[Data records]
□ □ □ □ □ □ □

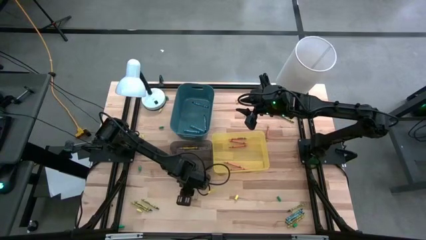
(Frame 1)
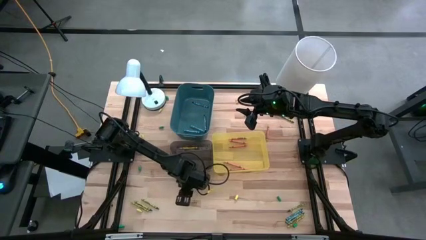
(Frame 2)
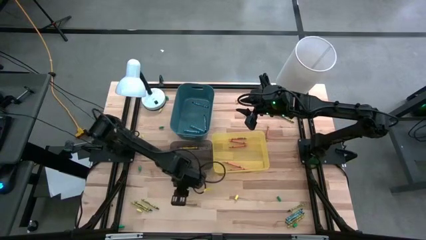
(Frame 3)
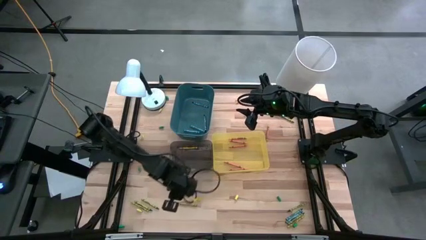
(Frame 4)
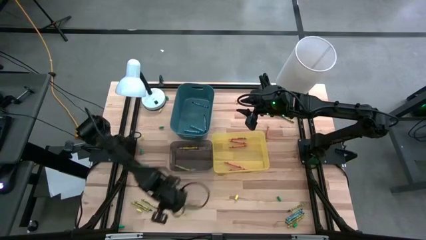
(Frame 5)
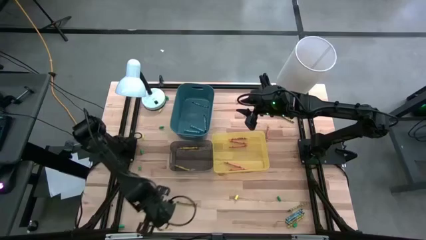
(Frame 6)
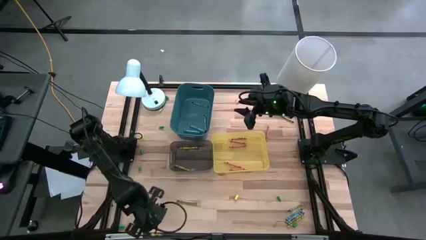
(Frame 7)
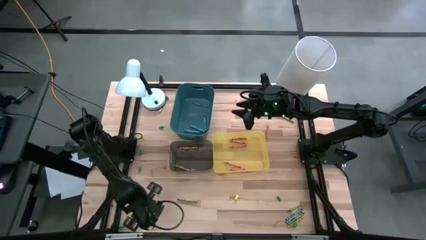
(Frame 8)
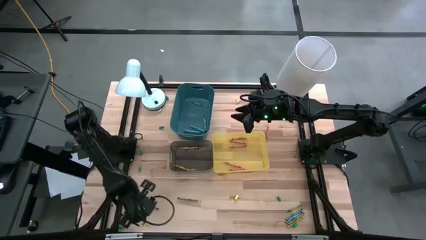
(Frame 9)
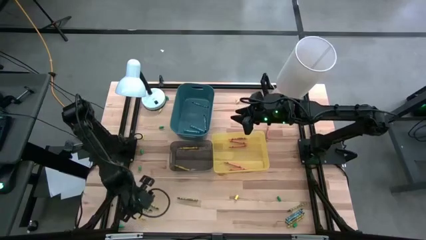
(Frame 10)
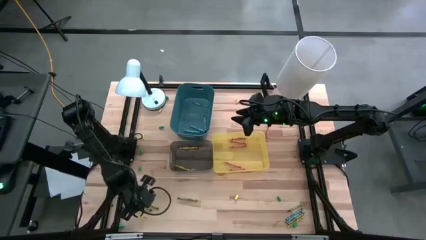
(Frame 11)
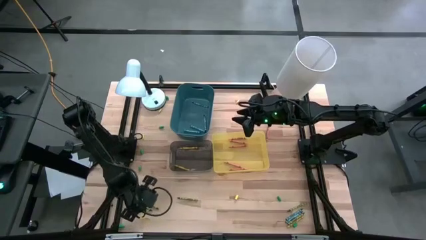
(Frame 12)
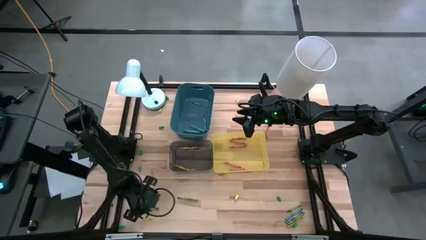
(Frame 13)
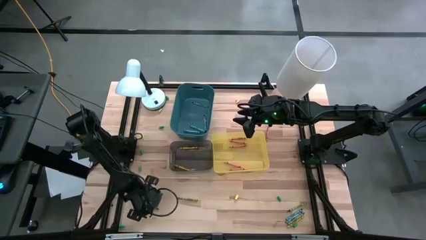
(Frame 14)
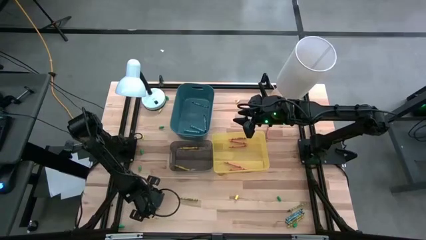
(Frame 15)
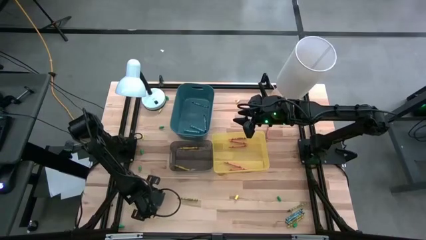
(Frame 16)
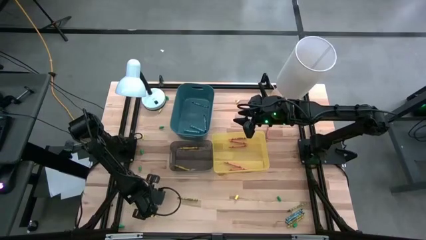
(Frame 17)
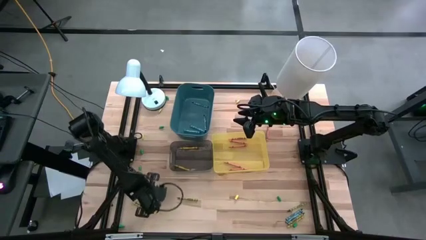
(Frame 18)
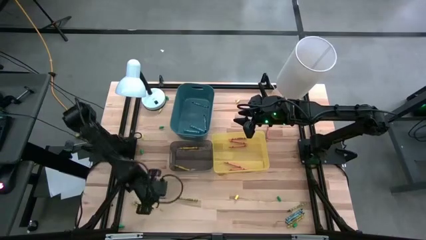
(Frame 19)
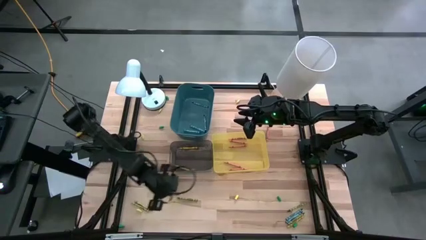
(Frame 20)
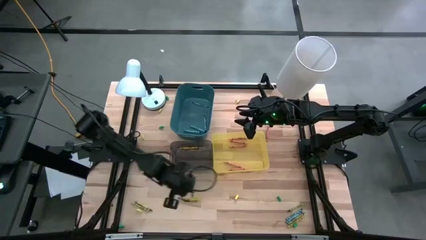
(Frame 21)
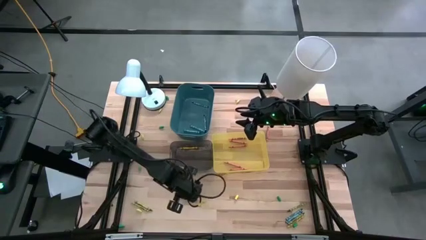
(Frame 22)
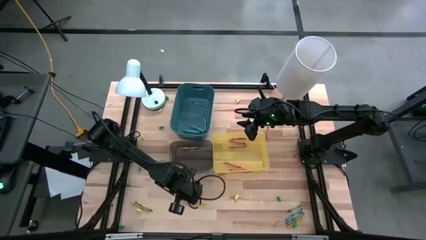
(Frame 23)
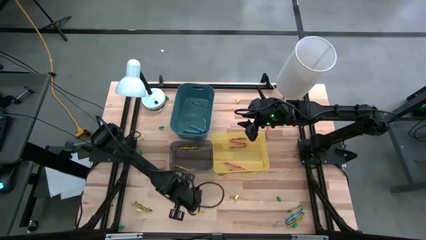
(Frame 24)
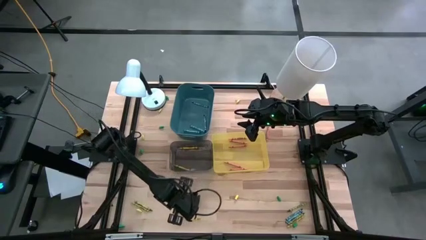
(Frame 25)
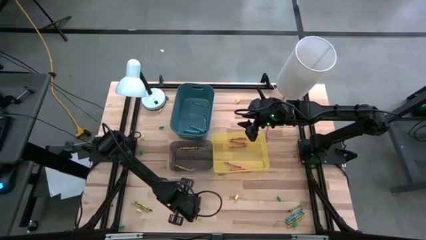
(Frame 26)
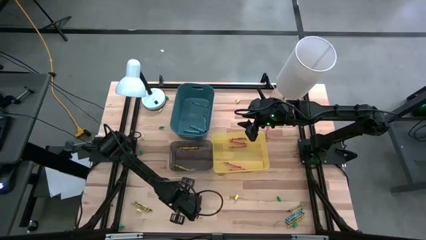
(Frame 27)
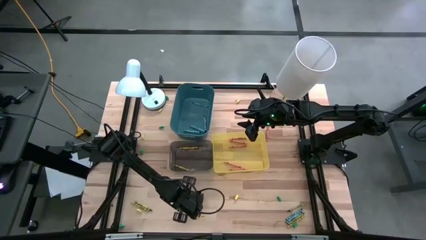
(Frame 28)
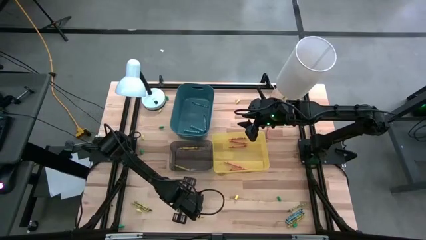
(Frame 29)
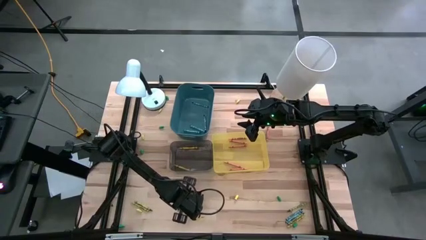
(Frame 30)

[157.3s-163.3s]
Task: Sort crayons
Move the green crayon to the bottom left of the table

□ □ □ □ □ □ □

● Action item: Copy each record exactly. Leave any images out of the copy.

● Result for this exercise:
(Frame 1)
(Frame 2)
(Frame 3)
(Frame 4)
(Frame 5)
(Frame 6)
(Frame 7)
(Frame 8)
(Frame 9)
(Frame 10)
(Frame 11)
(Frame 12)
(Frame 13)
(Frame 14)
(Frame 15)
(Frame 16)
(Frame 17)
(Frame 18)
(Frame 19)
(Frame 20)
(Frame 21)
(Frame 22)
(Frame 23)
(Frame 24)
(Frame 25)
(Frame 26)
(Frame 27)
(Frame 28)
(Frame 29)
(Frame 30)

[157.3s-163.3s]
Task: Sort crayons
Move the green crayon to the bottom left of the table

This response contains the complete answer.